To address this limitation, a potential extension of our work is to replace the centralized TA with a decentralized consensus mechanism. For example, a blockchain-based or distributed consensus approach could be employed, allowing task publishers and task workers to jointly maintain and update reputation information in a verifiable and tamper-resistant manner. Such an extension would enhance the robustness, transparency, and scalability of the reputation system, enabling its deployment in fully decentralized federated learning environments.
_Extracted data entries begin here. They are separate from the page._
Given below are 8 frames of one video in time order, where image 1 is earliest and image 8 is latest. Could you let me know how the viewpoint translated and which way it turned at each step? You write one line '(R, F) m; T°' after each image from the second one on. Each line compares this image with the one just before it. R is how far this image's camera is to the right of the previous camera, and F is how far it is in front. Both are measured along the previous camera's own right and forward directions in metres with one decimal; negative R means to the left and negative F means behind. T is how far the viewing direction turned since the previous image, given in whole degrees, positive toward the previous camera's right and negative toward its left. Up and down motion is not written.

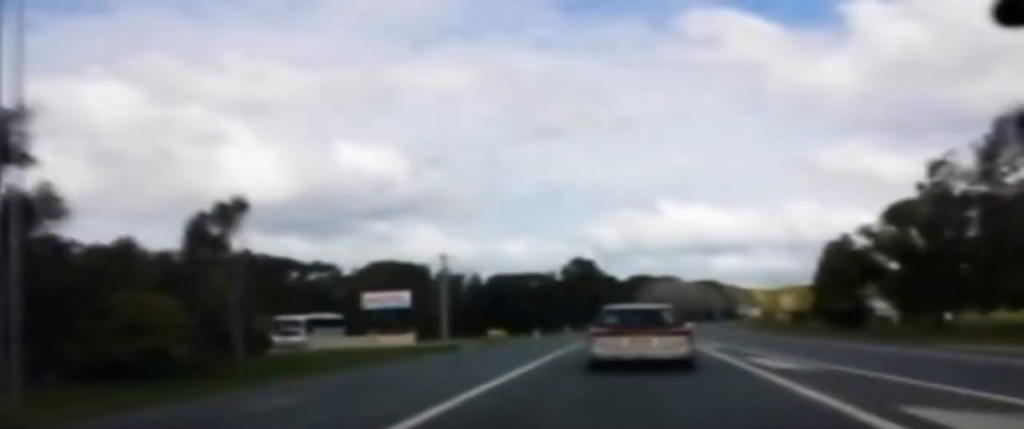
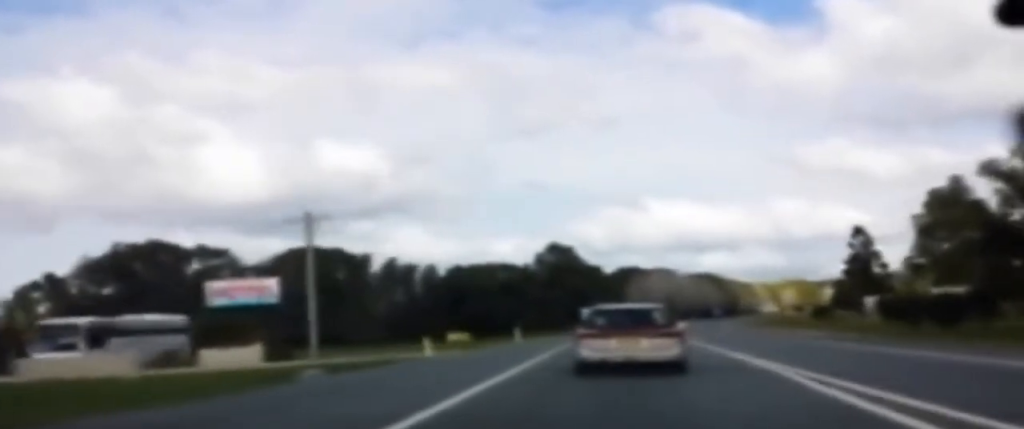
(+1.3, +30.8) m; +2°
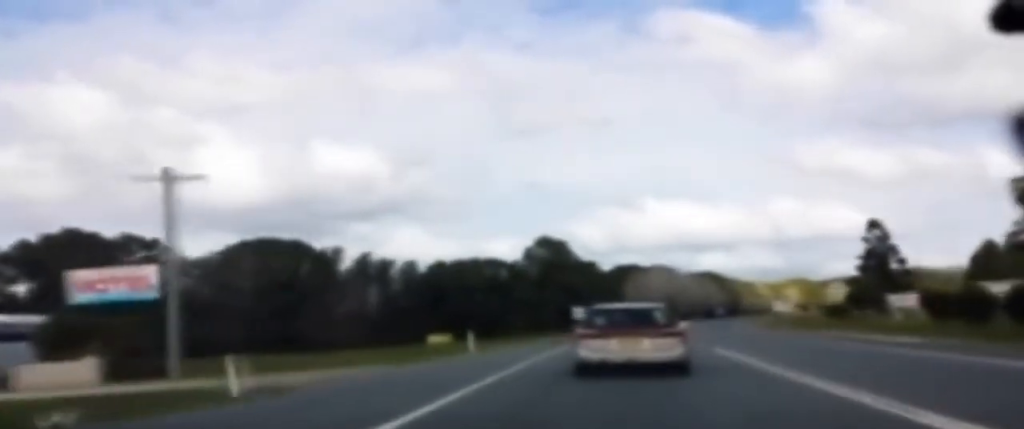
(-0.3, +14.3) m; -1°
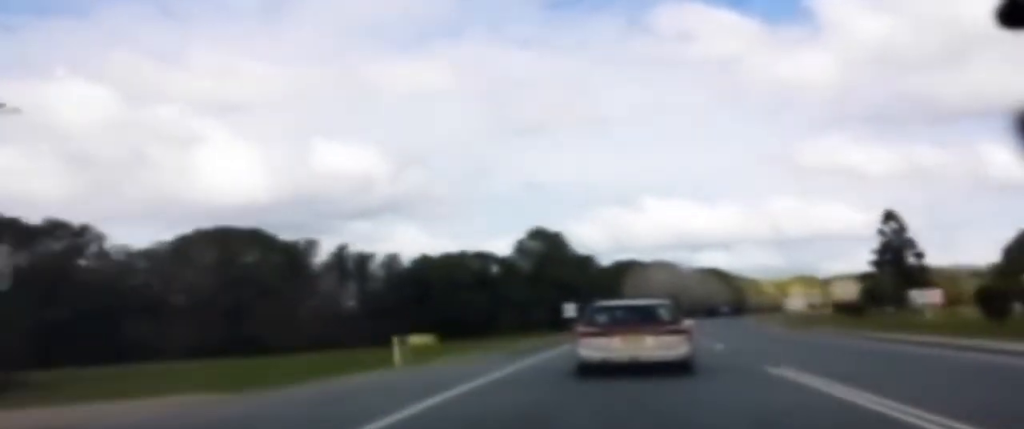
(-0.1, +10.9) m; 0°
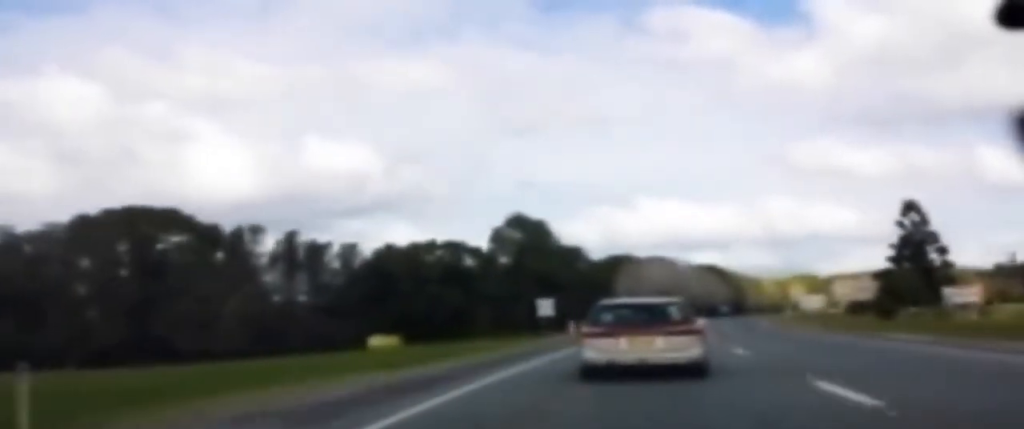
(+0.1, +15.1) m; +1°
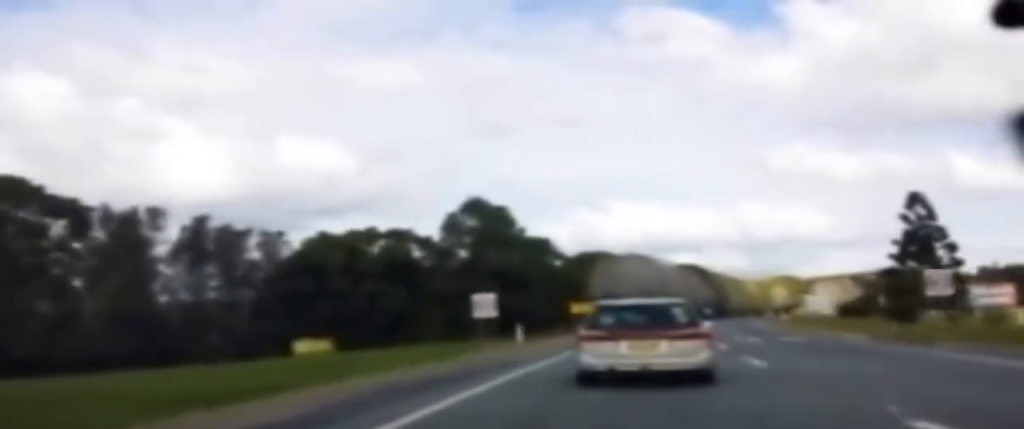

Moreover, in a multi-publisher federated learning setting, this decentralized design naturally supports dynamic role transitions between task publishers and task workers. Each participant can alternately act as a publisher or worker in different learning rounds while sharing reputation information through a common ledger. The blockchain consensus ensures that all updates to reputation and reliability values are synchronized and auditable, effectively eliminating the single point of trust and enhancing fairness among all participants.

8. Conclusions

In this paper, we consider a more practical assumption that both task publishers and task workers collude with each other to help collusive task workers obtain a high reputation. Based on this assumption, we propose a collusion-resistant and reliable incentive mechanism for FL. First, we devise a novel metric named reliability to measure the credibility of both task publishers and task workers. Second, we devise a new method to compute the publisher reliability. Specifically, we compute the deviation of reputation scores among different task publishers and assign a low-reliability value to a publisher once its deviation is far away from that of other publishers. Third, we propose the BRCM based on the basic uncertain information model to compute reputation and reputation reliability for task workers. Furthermore, different from existing incentive mechanisms, we identify task complexity as a primary factor when assigning incentive rewards, which ensures that only workers with a high reputation, reliable reputation, and the capability to accomplish complex tasks can win a high reward. Notably, the proposed incentive mechanisms can not only prevent collusion attacks but also motivate high-quality workers to participate. Finally, we conduct extensive experiments to verify the efficiency and efficacy of our proposed schemes. The results demonstrate that our proposed schemes are not only collusion-resistant but also achieve $6.31\%$ higher training accuracy compared with the state of the art on the MNIST dataset.